A metro station for Kurla Terminus was originally proposed for Metro 2B but was cancelled in September 2020 because it was in the path of the restricted funnel zone for Mumbai Airport. Further, the proposed SG Barve Marg station was only 474 metres away from the proposed Kurla Terminus station. Another issue was that the Kurla Terminus station would have been located in between the Santa Cruz–Chembur Link Road (SCLR) rail overbridge and another permanent structure.

The 32-km long Wadala to Kasarvadavali Mumbai Metro Line 4 corridor will pass through Kurla East. The station will be the interchange station on Line 2B and Line 4. The stations on the two liners were originally designed around 480 metres apart. However, in May 2019, the MMRDA modified the designs and decided to merge both stations for the convenience of commuters.

== Entertainment ==
Phoenix Marketcity (Mumbai), one of Mumbai's largest malls, is situated on L.B.S. Marg, Kurla (West)

== Education ==
Kurla has one engineering college, Don Bosco Institute of Technology, and several schools, including:-.

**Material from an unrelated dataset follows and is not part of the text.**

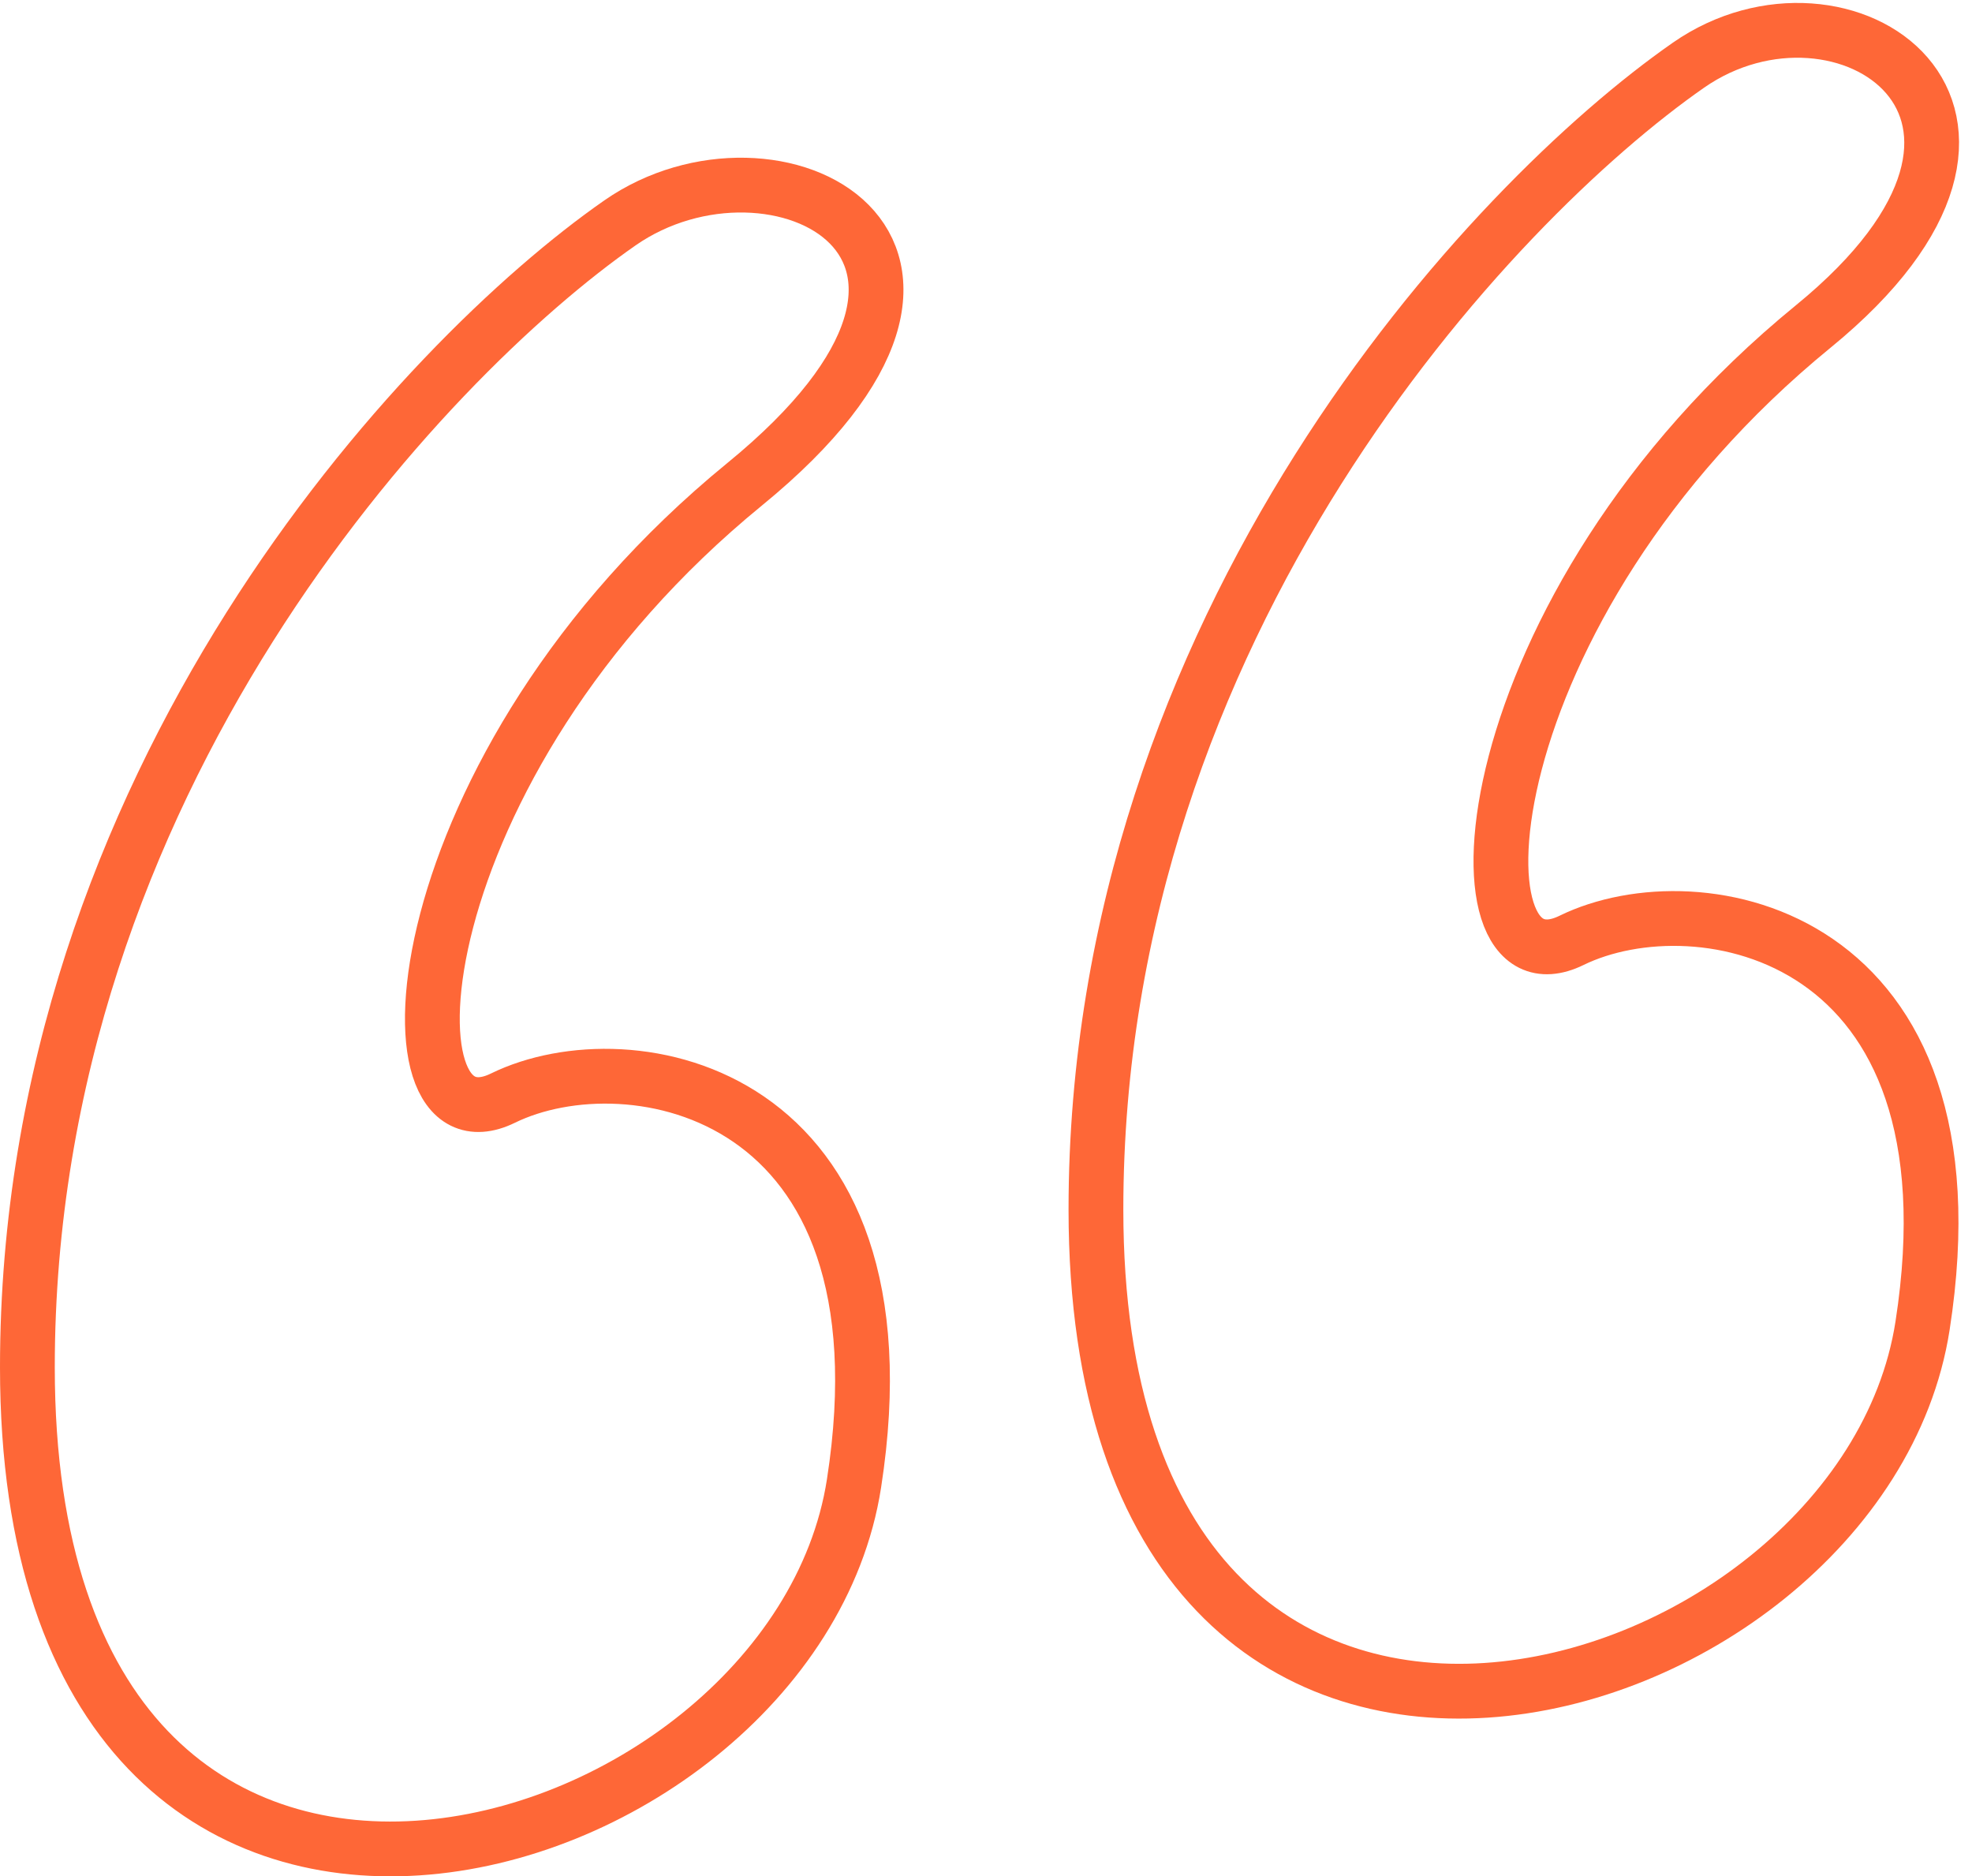 <?xml version="1.0" encoding="UTF-8"?> <svg xmlns="http://www.w3.org/2000/svg" width="144" height="137" viewBox="0 0 144 137" fill="none"><path d="M2 99.832C2 57.076 30.85 26.31 45.275 16.271C56.479 8.475 75.665 17.963 54.378 35.355C29.129 55.984 27.489 84.7 36.732 80.175C45.975 75.651 66.842 79.472 62.361 108.316C57.879 137.159 2 153.277 2 99.832Z" stroke="#FE6737" stroke-width="4"></path><path d="M80.028 88.315C80.028 45.559 108.878 14.793 123.303 4.754C134.507 -3.042 151.566 8.186 132.406 23.838C107.157 44.467 105.517 73.183 114.76 68.658C124.003 64.134 144.871 67.955 140.389 96.799C135.908 125.642 80.028 141.76 80.028 88.315Z" stroke="#FE6737" stroke-width="4"></path></svg>

- Al Barkaat Malik Muhammad Islam English School
- Holy Cross High School
- Michael High School, Kurla

== Notable people ==

- Iqbal Abdulla, Indian cricketer, playing in Royal Challengers Bangalore
- Shaikh Shamim Ahmed, MLA, Indian politician and Senior Congress leader
- Steven Dias, Indian football player (former resident)
- Erica Fernandes, model and actress
- Gurudas Kamat, politician and former member of parliament
- Navneet Kaur, actress (former resident) MP Amravati
- Kamran Khan, cricketer, former Pune Warriors player
- Sarfaraz Khan, Royal Challengers Bangalore
- Musheer Khan, cricketer, Mumbai & Punjab Kings player
- Nawab Malik, a former minister of Maharashtra, former MLA and a leader of the Nationalist Congress Party.
- Naezy, Rapper, Pioneer of Mumbai Hip-Hop scene.
- Candice Pinto, model and Miss Tourism International 2002
- Balwinder Sandhu, Indian Test cricketer

== Hospitals ==

=== Khan Bahadur Bhabha Hospital ===
The Khan Bahadur Bhabha Municipal General Hospital, on Belgrami Road, near Bharat Cinema, is one of Mumbai's 16 peripheral hospitals run by the Brihanmumbai Municipal Corporation. It has more than 300 beds and provides secondary-level referral health care services. The hospital started off in 1935 as a 30-bed maternity home called Khan Bahadur Hospital. An outpatient department (OPD) was added in 1950, converting it into a general hospital. Several other departments like surgery and pediatrics were added from 1962 on.

Additionally, 'L' Ward has 9 municipal dispensaries, 12 municipal health posts and 67 privately run nursing homes and hospitals.

Kohinoor Hospital was founded in 2005. Its 227,500 sq.ft, structure is the first LEED – Platinum rated Hospital in Asia. The hospital was acquired by CritiCare Asia Multispecialty Hospital and Research Center and was renamed CritiCare Asia Multispeciality Hospital Kurla in 2022. The hospital is equipped with 24X7 Trauma care, ICU, ICCU, NICU, MICU, state of the art Operation Theatre for minor, major, and supra major surgeries, pathology & diagnostic centre and stroke unit, nephrology and oncology center among others catering to all medical emergencies.